◆ **Task to complete**:
Give only the number of lines in the records that include "width".

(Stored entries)
________________________________________

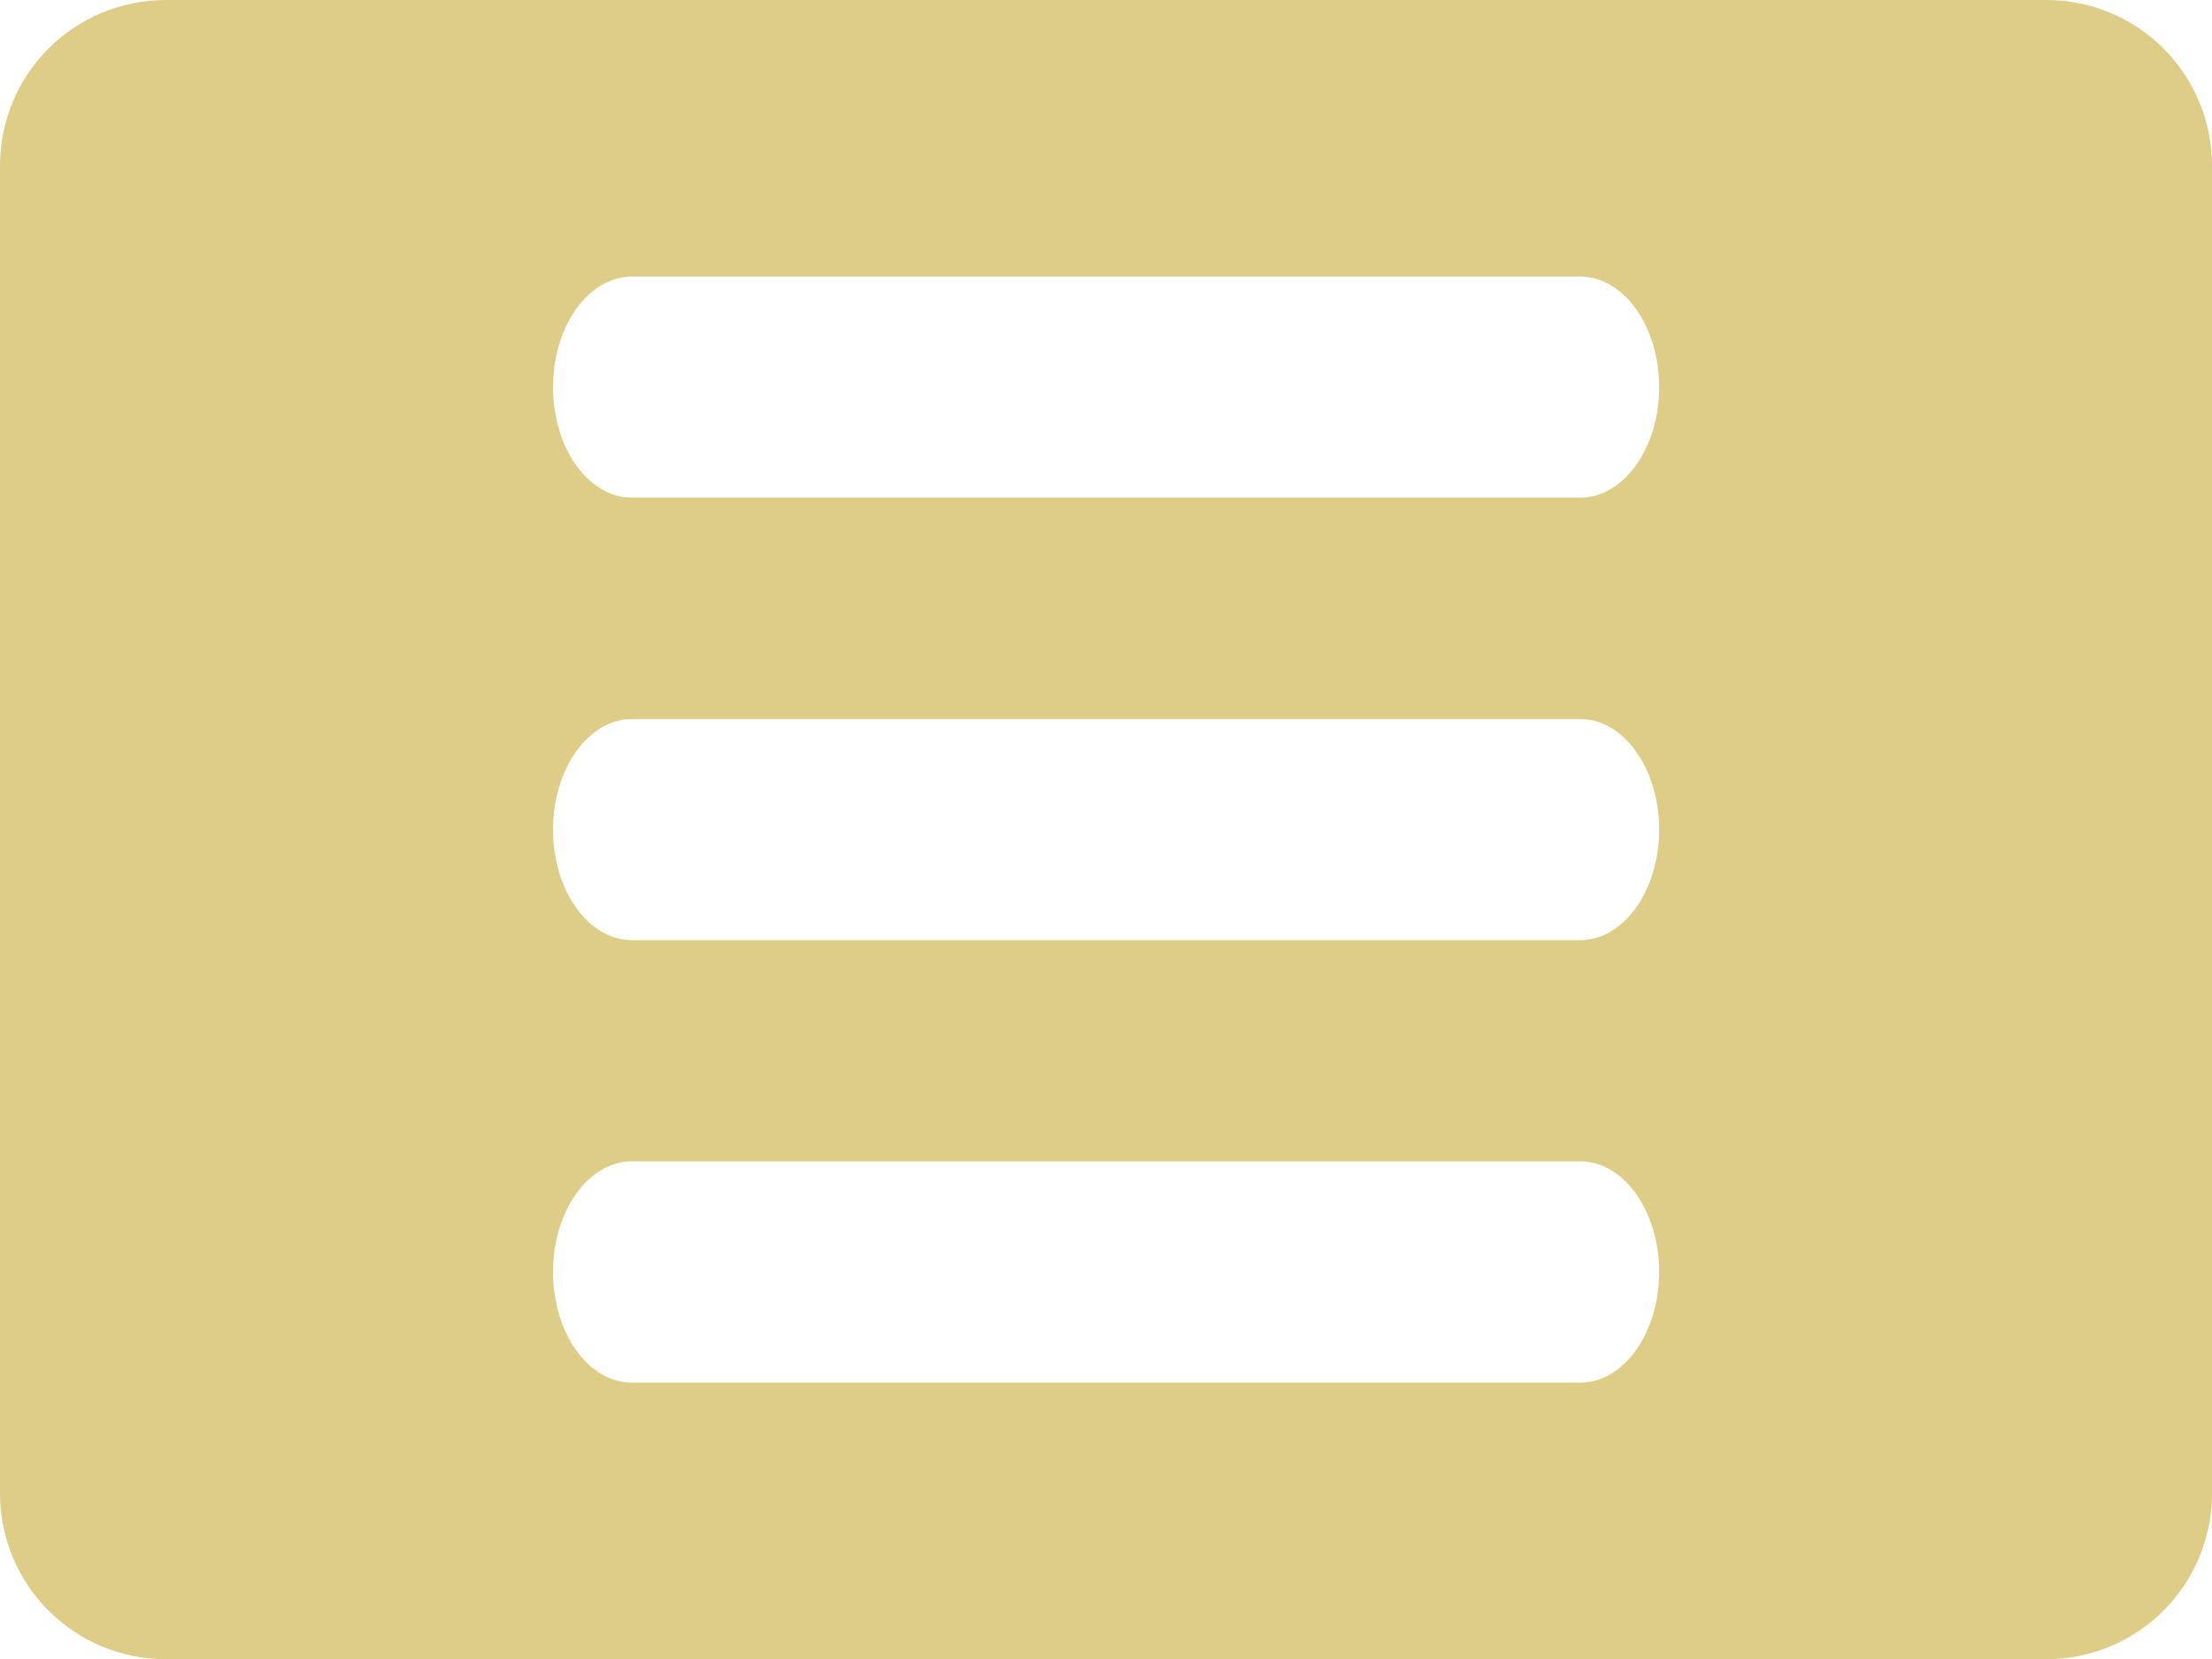 <?xml version="1.0" encoding="UTF-8" standalone="no"?>
<!-- Created with Inkscape (http://www.inkscape.org/) -->

<svg
   width="40"
   height="30"
   viewBox="0 0 10.583 7.937"
   version="1.1"
   id="svg847"
   inkscape:version="1.2.1 (9c6d41e410, 2022-07-14)"
   sodipodi:docname="burger-n.svg"
   xmlns:inkscape="http://www.inkscape.org/namespaces/inkscape"
   xmlns:sodipodi="http://sodipodi.sourceforge.net/DTD/sodipodi-0.dtd"
   xmlns="http://www.w3.org/2000/svg"
   xmlns:svg="http://www.w3.org/2000/svg">
  <sodipodi:namedview
     id="namedview849"
     pagecolor="#ffffff"
     bordercolor="#000000"
     borderopacity="0.25"
     inkscape:showpageshadow="2"
     inkscape:pageopacity="0.0"
     inkscape:pagecheckerboard="0"
     inkscape:deskcolor="#d1d1d1"
     inkscape:document-units="mm"
     showgrid="false"
     inkscape:zoom="4.0516981"
     inkscape:cx="-31.838503"
     inkscape:cy="83.792028"
     inkscape:window-width="1920"
     inkscape:window-height="991"
     inkscape:window-x="-9"
     inkscape:window-y="-9"
     inkscape:window-maximized="1"
     inkscape:current-layer="layer1" />
  <defs
     id="defs844" />
  <g
     inkscape:label="Warstwa 1"
     inkscape:groupmode="layer"
     id="layer1">
    <g
       id="path14308" />
    <path
       id="path7018"
       style="opacity:1;fill:#decd87;fill-opacity:1;stroke:none;stroke-width:0.053;stroke-linejoin:round"
       d="M 0.794 0 C 0.354 0 7.8332324e-17 0.354 0 0.794 L 0 7.144 C 0 7.583 0.354 7.938 0.794 7.938 L 9.79 7.938 C 10.229 7.938 10.583 7.583 10.583 7.144 L 10.583 0.794 C 10.583 0.354 10.229 -7.8332324e-17 9.79 0 L 0.794 0 z M 3.024 1.323 L 7.56 1.323 C 7.768 1.323 7.938 1.56 7.938 1.852 C 7.938 2.144 7.768 2.381 7.56 2.381 L 3.024 2.381 C 2.815 2.381 2.646 2.144 2.646 1.852 C 2.646 1.56 2.815 1.323 3.024 1.323 z M 3.024 3.44 L 7.56 3.44 C 7.768 3.44 7.938 3.677 7.938 3.969 C 7.938 4.261 7.768 4.498 7.56 4.498 L 3.024 4.498 C 2.815 4.498 2.646 4.261 2.646 3.969 C 2.646 3.677 2.815 3.44 3.024 3.44 z M 3.024 5.556 L 7.56 5.556 C 7.768 5.556 7.938 5.793 7.938 6.085 C 7.938 6.378 7.768 6.615 7.56 6.615 L 3.024 6.615 C 2.815 6.615 2.646 6.378 2.646 6.085 C 2.646 5.793 2.815 5.556 3.024 5.556 z " />
  </g>
</svg>

________________________________________

◆ **Solved problem**:
3